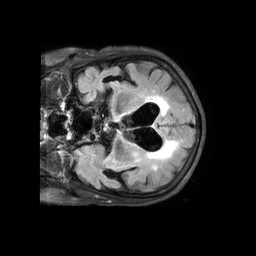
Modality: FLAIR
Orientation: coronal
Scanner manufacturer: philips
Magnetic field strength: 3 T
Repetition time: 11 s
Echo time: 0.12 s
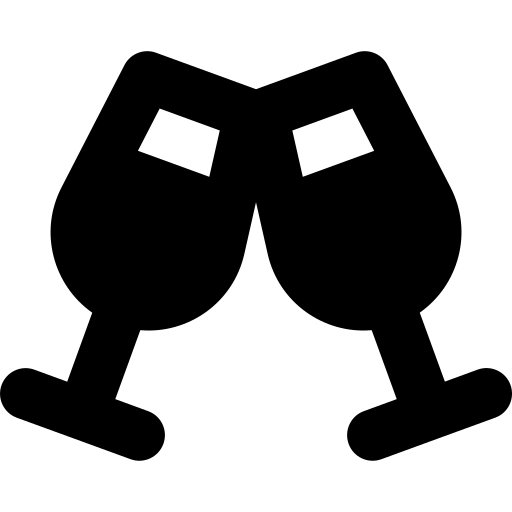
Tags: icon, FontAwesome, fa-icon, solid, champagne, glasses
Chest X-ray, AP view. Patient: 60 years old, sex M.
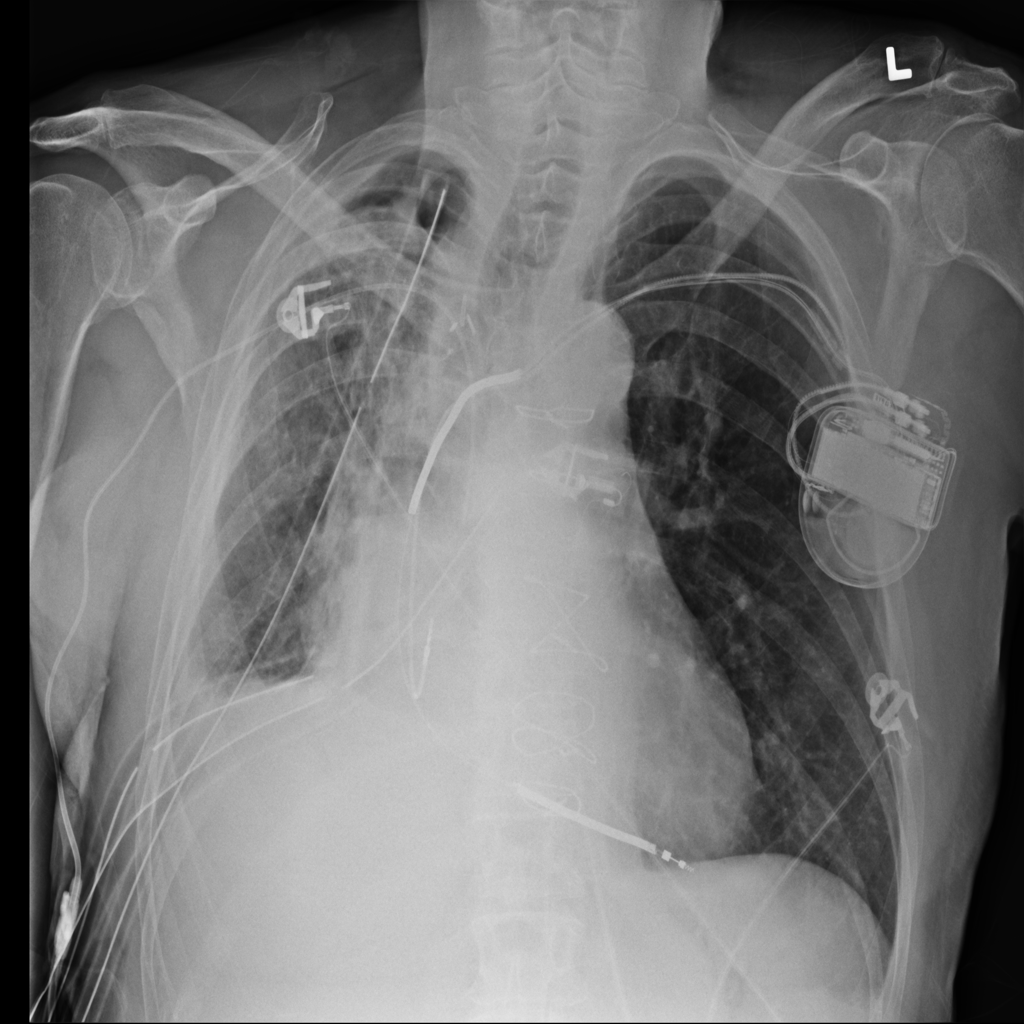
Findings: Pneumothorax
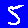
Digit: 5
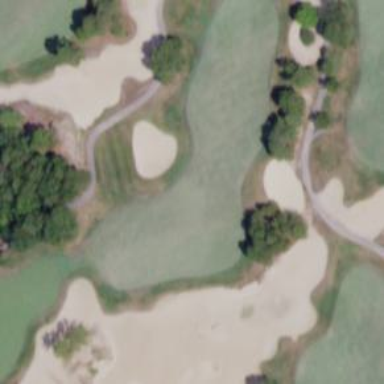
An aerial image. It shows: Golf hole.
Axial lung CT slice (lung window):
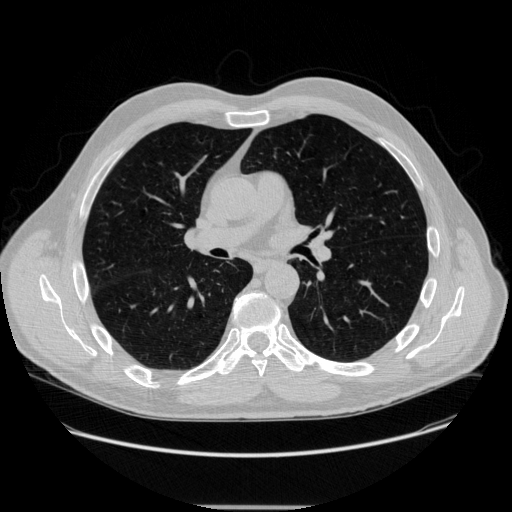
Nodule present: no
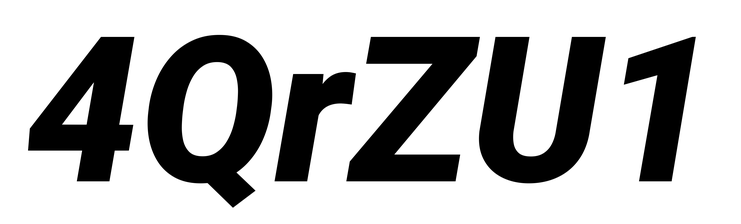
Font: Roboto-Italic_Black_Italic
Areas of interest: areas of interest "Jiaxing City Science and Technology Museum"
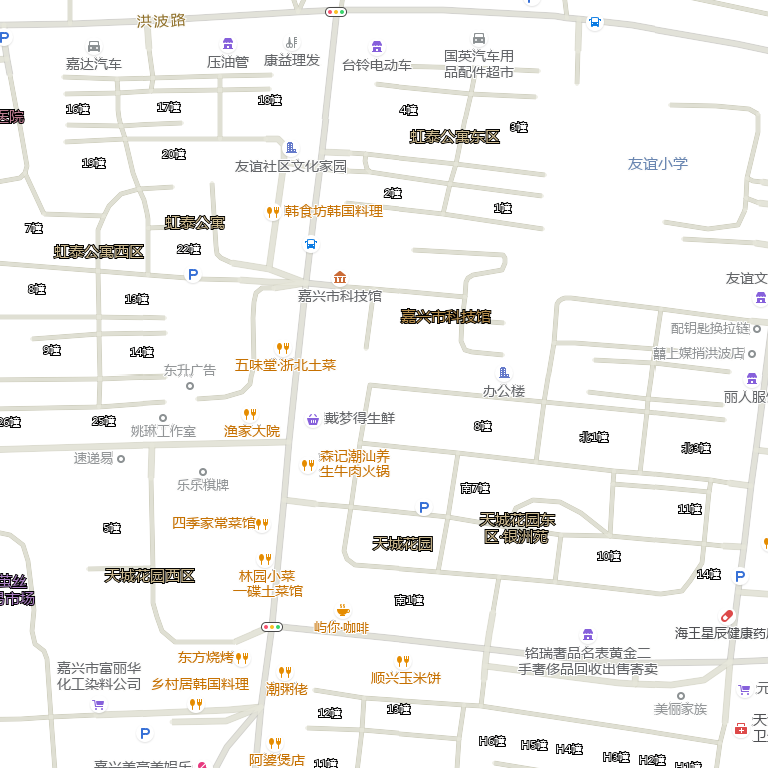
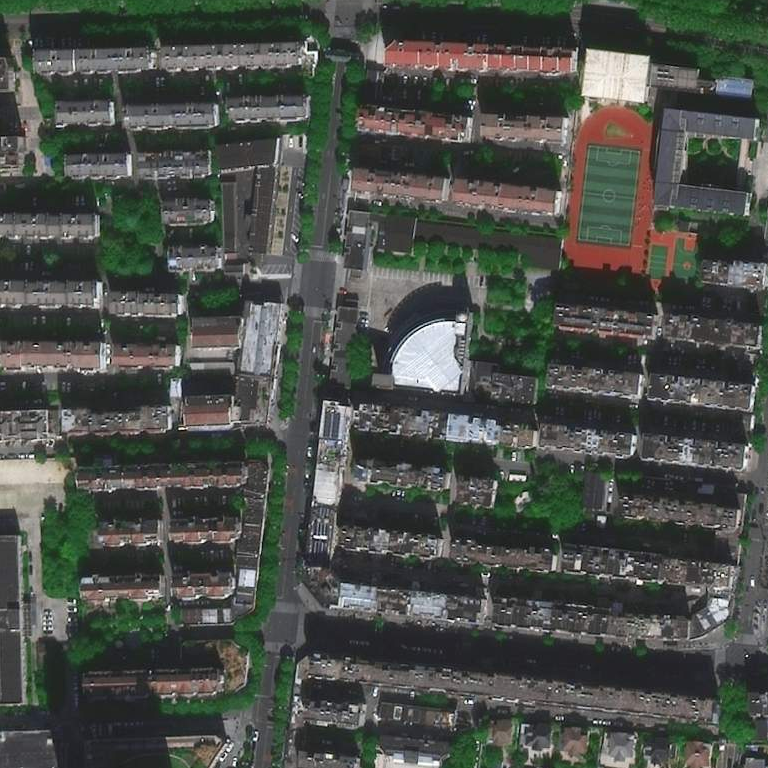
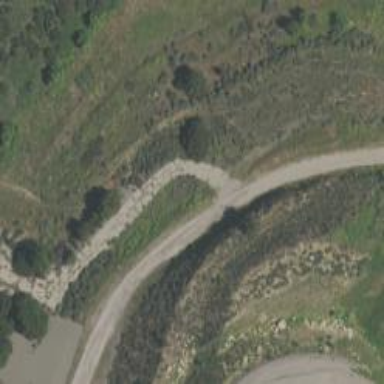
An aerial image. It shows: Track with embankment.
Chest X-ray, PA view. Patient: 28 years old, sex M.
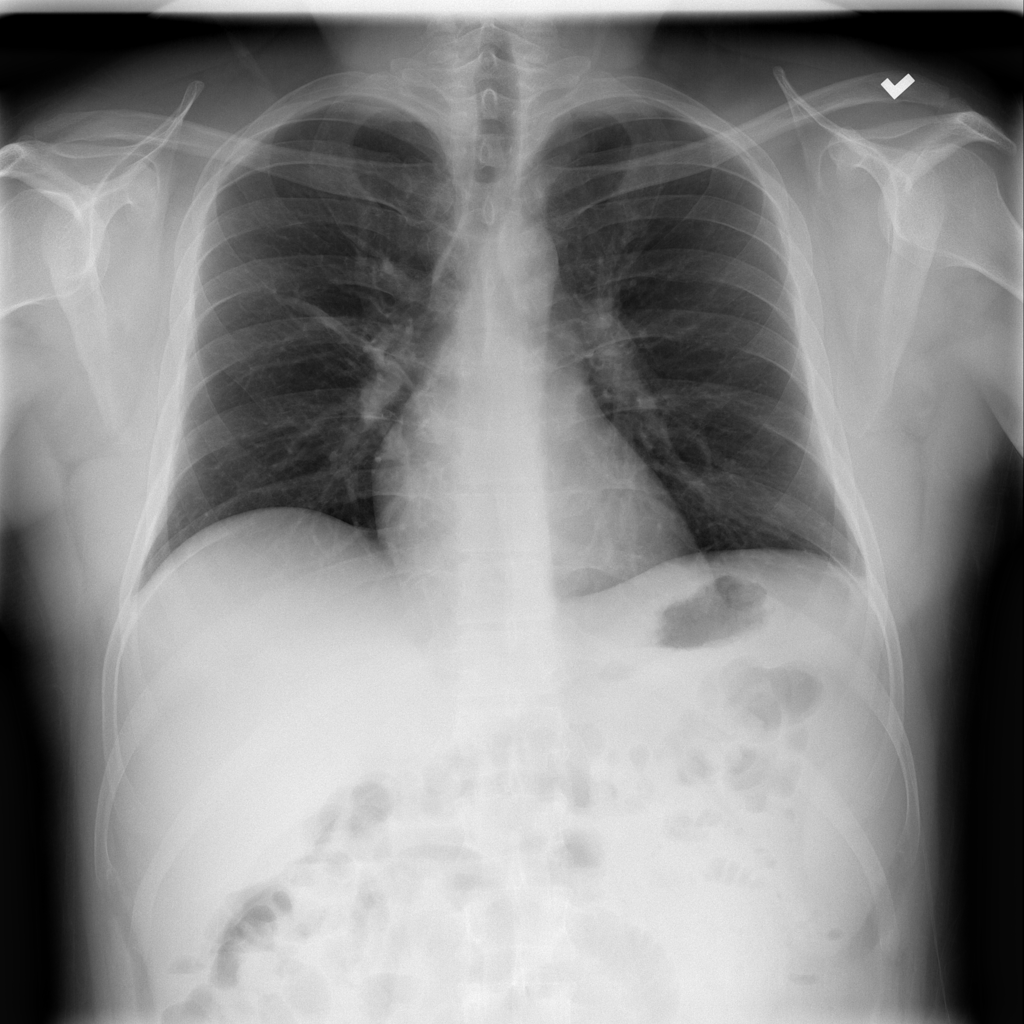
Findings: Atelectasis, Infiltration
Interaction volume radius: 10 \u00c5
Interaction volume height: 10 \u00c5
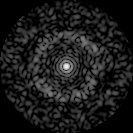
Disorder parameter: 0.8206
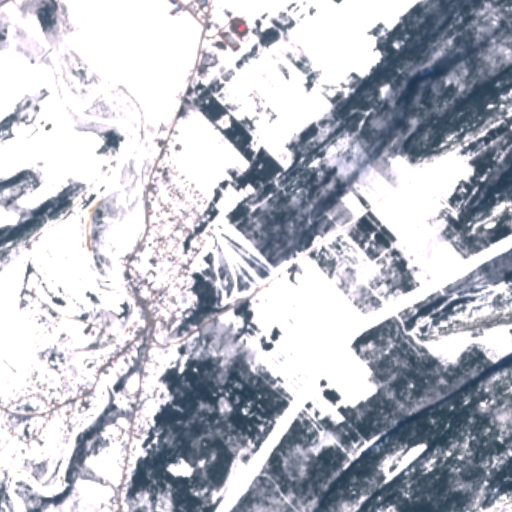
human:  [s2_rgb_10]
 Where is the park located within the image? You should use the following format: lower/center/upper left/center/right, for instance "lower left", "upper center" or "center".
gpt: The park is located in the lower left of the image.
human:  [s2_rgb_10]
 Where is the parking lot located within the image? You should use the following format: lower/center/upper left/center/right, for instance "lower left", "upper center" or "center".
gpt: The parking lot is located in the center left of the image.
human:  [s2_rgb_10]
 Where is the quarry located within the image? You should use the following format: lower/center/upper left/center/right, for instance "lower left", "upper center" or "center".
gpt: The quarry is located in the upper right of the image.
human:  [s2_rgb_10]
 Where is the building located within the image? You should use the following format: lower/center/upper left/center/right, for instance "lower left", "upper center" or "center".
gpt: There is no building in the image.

• **TO DO**:
Output each record above exactly as written. Skip any pictures.

• **RESULT**:
Modality: FLAIR
Orientation: coronal
Scanner manufacturer: philips
Magnetic field strength: 3 T
Repetition time: 11 s
Echo time: 0.12 s
Tags: icon, FontAwesome, fa-icon, solid, champagne, glasses
Chest X-ray, AP view. Patient: 60 years old, sex M.
Findings: Pneumothorax
Digit: 5
An aerial image. It shows: Golf hole.
Axial lung CT slice (lung window):
Nodule present: no
Font: Roboto-Italic_Black_Italic
Areas of interest: areas of interest "Jiaxing City Science and Technology Museum"
An aerial image. It shows: Track with embankment.
Chest X-ray, PA view. Patient: 28 years old, sex M.
Findings: Atelectasis, Infiltration
Interaction volume radius: 10 \u00c5
Interaction volume height: 10 \u00c5
Disorder parameter: 0.8206
human:  [s2_rgb_10]
 Where is the park located within the image? You should use the following format: lower/center/upper left/center/right, for instance "lower left", "upper center" or "center".
gpt: The park is located in the lower left of the image.
human:  [s2_rgb_10]
 Where is the parking lot located within the image? You should use the following format: lower/center/upper left/center/right, for instance "lower left", "upper center" or "center".
gpt: The parking lot is located in the center left of the image.
human:  [s2_rgb_10]
 Where is the quarry located within the image? You should use the following format: lower/center/upper left/center/right, for instance "lower left", "upper center" or "center".
gpt: The quarry is located in the upper right of the image.
human:  [s2_rgb_10]
 Where is the building located within the image? You should use the following format: lower/center/upper left/center/right, for instance "lower left", "upper center" or "center".
gpt: There is no building in the image.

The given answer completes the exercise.